Study material:
□ □ □

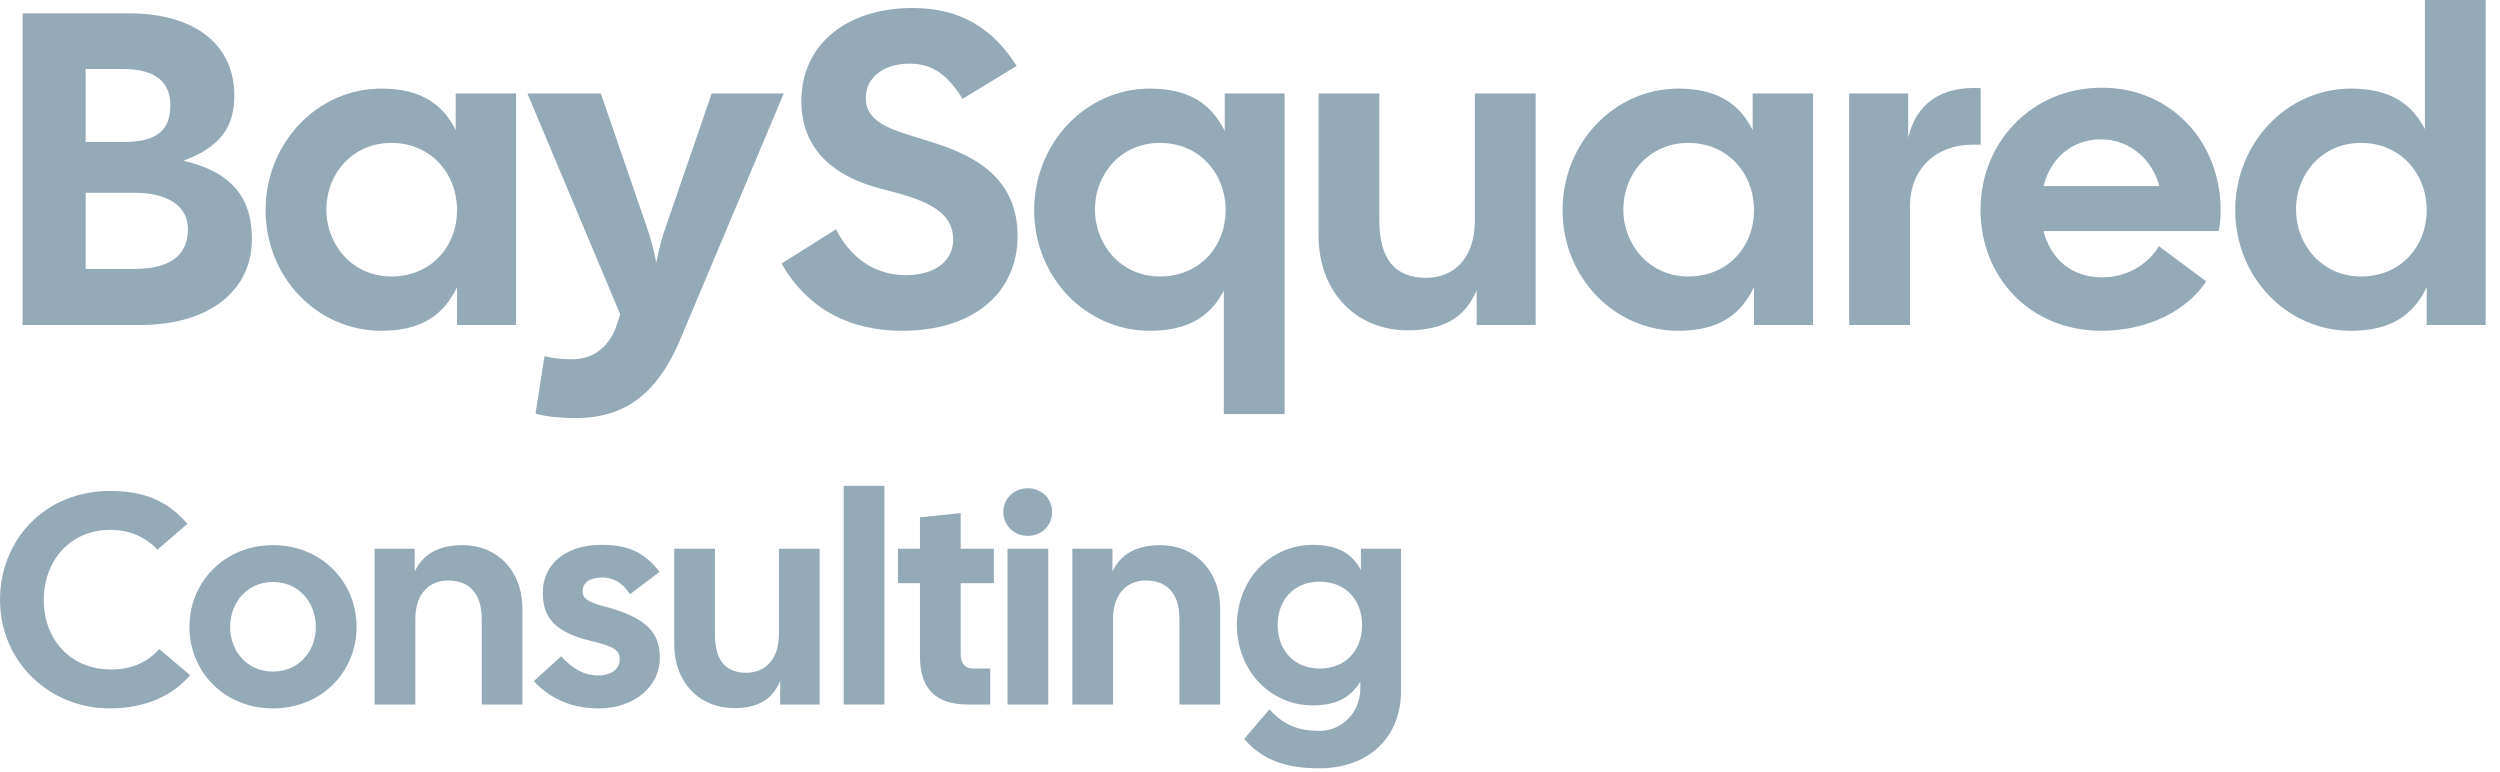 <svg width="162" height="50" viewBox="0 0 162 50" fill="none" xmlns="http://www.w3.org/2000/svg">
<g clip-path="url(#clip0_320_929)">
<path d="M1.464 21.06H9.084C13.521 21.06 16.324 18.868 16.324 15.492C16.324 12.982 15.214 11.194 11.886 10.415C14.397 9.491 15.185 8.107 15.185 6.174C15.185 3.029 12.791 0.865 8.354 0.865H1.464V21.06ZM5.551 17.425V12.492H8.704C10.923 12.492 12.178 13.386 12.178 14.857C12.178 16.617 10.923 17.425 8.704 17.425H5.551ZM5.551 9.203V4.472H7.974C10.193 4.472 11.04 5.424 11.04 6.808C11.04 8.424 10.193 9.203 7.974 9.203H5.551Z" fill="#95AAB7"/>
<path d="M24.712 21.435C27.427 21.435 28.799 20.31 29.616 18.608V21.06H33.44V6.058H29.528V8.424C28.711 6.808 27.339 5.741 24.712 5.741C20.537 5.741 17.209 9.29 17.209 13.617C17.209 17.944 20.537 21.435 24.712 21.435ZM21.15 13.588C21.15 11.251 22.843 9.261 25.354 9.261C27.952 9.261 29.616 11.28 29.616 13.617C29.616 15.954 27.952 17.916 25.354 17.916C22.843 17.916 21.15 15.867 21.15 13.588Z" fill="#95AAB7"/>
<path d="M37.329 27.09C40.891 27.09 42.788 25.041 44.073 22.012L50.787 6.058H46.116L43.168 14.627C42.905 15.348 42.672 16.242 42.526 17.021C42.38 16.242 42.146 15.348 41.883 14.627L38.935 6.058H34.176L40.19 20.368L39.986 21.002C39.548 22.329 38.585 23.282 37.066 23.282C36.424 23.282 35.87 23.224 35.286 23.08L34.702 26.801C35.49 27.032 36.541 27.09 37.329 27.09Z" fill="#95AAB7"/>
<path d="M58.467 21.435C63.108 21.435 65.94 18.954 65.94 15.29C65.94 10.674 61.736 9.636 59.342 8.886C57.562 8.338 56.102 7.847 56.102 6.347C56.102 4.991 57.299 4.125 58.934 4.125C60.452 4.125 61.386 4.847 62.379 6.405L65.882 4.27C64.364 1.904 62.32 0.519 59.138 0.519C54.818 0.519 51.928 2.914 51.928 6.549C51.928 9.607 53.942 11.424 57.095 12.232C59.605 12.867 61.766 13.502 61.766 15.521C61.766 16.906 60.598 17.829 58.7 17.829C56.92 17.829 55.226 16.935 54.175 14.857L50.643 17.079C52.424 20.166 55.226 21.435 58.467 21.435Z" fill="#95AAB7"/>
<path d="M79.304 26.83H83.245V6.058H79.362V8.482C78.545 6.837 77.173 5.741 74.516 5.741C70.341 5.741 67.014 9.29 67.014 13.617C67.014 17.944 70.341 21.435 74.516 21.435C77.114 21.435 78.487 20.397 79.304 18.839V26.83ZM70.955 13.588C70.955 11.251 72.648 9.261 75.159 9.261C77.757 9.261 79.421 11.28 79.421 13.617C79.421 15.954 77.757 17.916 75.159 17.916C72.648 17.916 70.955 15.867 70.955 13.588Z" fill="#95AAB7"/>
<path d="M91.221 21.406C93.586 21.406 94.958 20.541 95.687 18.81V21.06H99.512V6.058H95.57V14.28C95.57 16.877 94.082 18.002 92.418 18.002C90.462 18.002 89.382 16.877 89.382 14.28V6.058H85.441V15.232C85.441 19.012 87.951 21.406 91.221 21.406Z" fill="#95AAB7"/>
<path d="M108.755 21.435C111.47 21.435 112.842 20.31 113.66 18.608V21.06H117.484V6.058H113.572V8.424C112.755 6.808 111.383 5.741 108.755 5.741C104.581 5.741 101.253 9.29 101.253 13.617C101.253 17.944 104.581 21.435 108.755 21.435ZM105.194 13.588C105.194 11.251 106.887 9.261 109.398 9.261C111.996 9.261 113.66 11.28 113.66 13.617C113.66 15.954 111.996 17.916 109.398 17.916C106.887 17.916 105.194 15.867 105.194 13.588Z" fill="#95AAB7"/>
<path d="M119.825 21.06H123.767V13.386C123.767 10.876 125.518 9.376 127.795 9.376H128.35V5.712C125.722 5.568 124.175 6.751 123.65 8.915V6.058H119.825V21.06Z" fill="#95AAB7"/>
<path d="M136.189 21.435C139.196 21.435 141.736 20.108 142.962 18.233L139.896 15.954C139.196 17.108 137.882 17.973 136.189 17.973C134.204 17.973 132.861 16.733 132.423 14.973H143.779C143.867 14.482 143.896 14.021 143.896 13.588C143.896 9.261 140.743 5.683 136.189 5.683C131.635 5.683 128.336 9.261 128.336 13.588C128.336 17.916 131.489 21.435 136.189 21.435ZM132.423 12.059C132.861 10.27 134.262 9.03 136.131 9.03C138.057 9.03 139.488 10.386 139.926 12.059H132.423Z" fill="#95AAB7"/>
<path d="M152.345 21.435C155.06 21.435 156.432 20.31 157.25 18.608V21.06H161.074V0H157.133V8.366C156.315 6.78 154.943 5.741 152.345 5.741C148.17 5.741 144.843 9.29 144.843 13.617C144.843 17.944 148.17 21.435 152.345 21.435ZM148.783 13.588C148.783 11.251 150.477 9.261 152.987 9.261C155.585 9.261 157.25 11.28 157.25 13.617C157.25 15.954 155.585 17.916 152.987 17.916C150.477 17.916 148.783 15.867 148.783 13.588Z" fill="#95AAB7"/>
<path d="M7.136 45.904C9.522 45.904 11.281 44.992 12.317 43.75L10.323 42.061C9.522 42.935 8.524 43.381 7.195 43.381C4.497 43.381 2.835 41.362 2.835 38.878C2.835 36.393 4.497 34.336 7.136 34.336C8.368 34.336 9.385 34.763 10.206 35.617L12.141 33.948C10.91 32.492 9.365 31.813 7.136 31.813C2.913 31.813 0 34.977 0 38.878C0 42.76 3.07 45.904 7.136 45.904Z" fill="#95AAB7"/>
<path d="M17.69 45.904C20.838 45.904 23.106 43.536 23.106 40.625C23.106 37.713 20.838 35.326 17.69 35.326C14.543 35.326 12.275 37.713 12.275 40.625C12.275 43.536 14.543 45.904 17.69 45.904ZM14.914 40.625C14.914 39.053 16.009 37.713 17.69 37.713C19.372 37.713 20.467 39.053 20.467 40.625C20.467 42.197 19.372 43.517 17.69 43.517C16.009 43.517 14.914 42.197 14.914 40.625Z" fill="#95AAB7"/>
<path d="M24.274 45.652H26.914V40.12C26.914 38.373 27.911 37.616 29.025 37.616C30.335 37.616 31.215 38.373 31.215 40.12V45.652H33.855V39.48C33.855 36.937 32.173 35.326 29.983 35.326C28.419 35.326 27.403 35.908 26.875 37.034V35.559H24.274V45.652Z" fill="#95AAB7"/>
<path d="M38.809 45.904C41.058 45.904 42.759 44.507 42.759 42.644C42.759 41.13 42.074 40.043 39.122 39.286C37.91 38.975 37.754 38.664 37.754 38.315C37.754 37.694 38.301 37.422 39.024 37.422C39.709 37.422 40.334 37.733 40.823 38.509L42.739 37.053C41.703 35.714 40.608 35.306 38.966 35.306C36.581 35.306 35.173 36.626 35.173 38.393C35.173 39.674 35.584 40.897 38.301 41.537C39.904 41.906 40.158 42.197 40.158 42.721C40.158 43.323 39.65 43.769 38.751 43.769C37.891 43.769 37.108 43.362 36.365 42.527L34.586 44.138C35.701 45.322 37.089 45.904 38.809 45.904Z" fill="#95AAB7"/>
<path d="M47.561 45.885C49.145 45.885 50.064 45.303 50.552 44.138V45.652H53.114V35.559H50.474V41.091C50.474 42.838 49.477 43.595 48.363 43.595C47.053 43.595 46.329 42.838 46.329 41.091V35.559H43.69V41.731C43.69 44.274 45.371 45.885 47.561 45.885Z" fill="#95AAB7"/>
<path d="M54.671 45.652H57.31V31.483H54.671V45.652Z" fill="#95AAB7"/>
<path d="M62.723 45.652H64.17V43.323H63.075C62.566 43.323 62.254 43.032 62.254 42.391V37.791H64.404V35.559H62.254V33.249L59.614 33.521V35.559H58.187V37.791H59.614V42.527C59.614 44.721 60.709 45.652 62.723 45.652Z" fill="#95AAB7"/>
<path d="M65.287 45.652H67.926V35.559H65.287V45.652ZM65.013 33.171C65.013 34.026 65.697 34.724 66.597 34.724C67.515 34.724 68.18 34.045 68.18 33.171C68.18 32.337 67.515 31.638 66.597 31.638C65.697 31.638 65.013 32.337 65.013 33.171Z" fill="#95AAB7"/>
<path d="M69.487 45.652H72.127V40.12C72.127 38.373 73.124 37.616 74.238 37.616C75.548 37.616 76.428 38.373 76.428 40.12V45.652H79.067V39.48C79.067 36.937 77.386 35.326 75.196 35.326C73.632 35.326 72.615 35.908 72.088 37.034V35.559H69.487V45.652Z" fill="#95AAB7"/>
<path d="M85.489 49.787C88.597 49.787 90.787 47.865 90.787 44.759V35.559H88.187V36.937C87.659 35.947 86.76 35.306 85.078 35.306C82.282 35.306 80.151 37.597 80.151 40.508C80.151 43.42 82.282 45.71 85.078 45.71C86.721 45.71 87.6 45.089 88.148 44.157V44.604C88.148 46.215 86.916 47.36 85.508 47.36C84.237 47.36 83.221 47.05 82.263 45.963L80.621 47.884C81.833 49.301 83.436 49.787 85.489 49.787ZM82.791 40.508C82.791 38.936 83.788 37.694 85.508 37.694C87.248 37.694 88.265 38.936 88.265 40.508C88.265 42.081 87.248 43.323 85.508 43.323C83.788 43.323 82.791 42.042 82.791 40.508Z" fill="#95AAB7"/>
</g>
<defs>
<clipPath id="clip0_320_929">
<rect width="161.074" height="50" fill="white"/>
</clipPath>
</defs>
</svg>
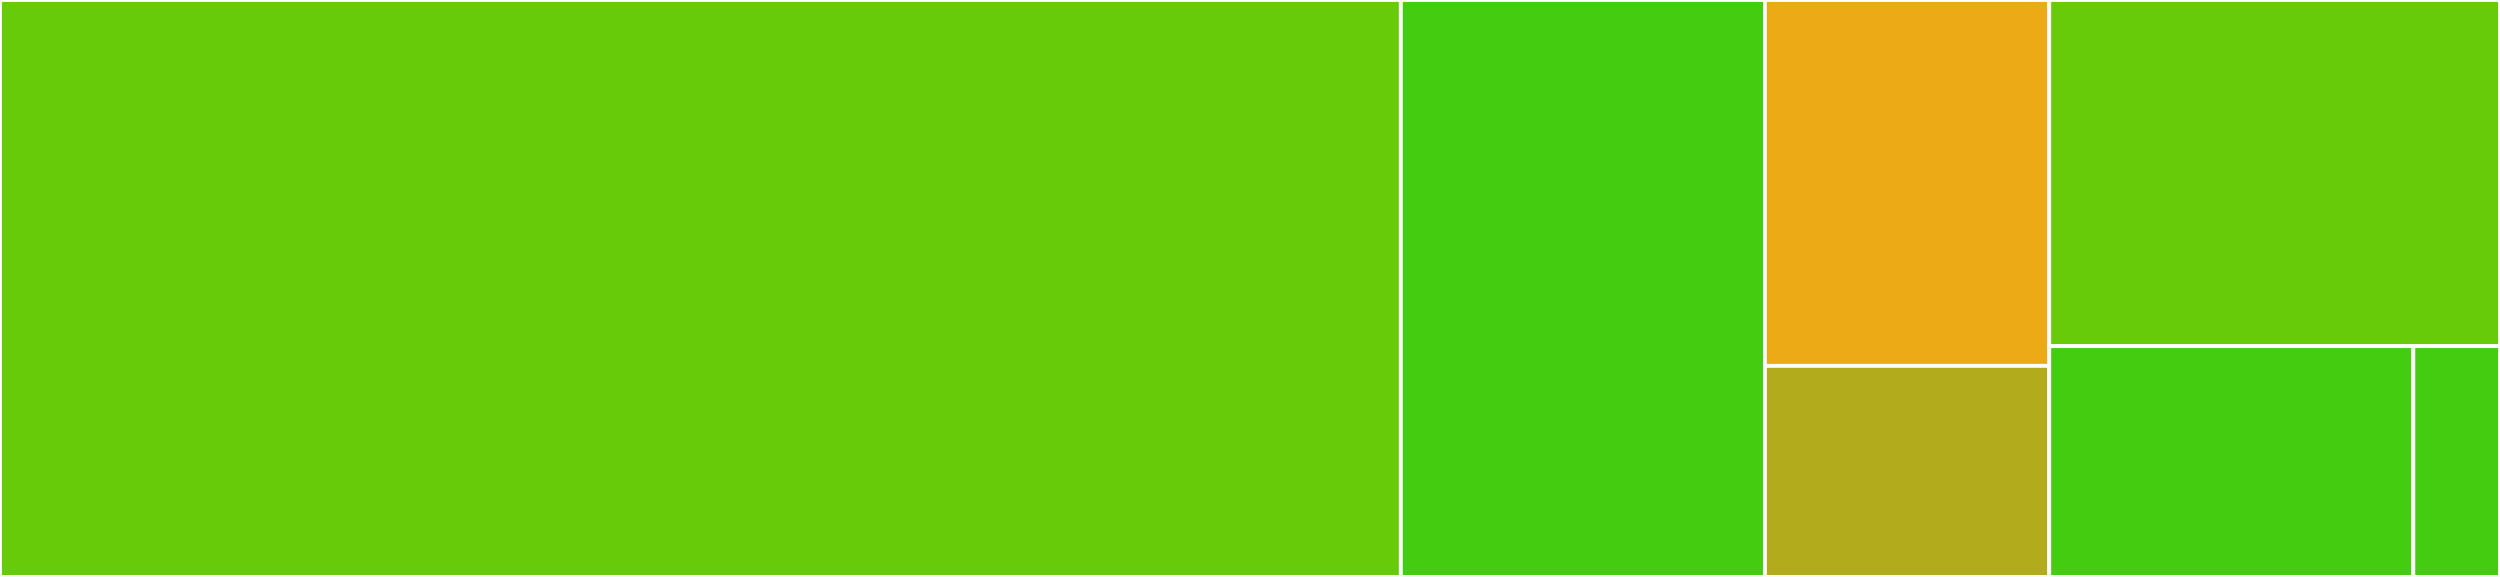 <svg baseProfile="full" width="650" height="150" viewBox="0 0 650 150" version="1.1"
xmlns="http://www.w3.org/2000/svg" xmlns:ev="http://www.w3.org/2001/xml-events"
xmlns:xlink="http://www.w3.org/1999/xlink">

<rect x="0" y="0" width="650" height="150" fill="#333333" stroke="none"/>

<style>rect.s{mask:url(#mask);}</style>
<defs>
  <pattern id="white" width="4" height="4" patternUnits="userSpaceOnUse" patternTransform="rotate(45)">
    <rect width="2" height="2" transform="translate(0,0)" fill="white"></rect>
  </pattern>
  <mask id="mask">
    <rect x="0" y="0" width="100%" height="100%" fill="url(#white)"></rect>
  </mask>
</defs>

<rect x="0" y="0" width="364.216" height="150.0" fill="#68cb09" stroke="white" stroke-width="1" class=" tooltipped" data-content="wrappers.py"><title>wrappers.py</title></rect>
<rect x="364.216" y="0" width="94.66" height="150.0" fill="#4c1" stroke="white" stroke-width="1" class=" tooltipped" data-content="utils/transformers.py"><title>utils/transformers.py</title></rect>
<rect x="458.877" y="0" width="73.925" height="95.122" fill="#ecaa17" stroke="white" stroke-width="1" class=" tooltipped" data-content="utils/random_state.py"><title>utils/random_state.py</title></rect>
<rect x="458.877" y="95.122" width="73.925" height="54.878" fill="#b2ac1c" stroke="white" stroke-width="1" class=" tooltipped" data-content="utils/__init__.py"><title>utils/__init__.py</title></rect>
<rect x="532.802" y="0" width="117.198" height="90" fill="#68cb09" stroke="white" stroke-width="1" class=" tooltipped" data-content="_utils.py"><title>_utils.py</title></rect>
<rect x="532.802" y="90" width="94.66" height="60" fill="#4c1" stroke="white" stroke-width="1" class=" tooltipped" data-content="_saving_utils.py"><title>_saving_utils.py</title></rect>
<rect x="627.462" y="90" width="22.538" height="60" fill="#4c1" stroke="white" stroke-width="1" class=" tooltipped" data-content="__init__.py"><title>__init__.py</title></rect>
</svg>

□ □ □

Task to complete:
A word-for-word copy of the lines above from the one with "21.435C139.196 21.435 141.736" through the one with "21.435C155.06 21.435 156.432", inclusive, is the only output wanted.

Problem solution:
<path d="M136.189 21.435C139.196 21.435 141.736 20.108 142.962 18.233L139.896 15.954C139.196 17.108 137.882 17.973 136.189 17.973C134.204 17.973 132.861 16.733 132.423 14.973H143.779C143.867 14.482 143.896 14.021 143.896 13.588C143.896 9.261 140.743 5.683 136.189 5.683C131.635 5.683 128.336 9.261 128.336 13.588C128.336 17.916 131.489 21.435 136.189 21.435ZM132.423 12.059C132.861 10.27 134.262 9.03 136.131 9.03C138.057 9.03 139.488 10.386 139.926 12.059H132.423Z" fill="#95AAB7"/>
<path d="M152.345 21.435C155.06 21.435 156.432 20.31 157.25 18.608V21.06H161.074V0H157.133V8.366C156.315 6.78 154.943 5.741 152.345 5.741C148.17 5.741 144.843 9.29 144.843 13.617C144.843 17.944 148.17 21.435 152.345 21.435ZM148.783 13.588C148.783 11.251 150.477 9.261 152.987 9.261C155.585 9.261 157.25 11.28 157.25 13.617C157.25 15.954 155.585 17.916 152.987 17.916C150.477 17.916 148.783 15.867 148.783 13.588Z" fill="#95AAB7"/>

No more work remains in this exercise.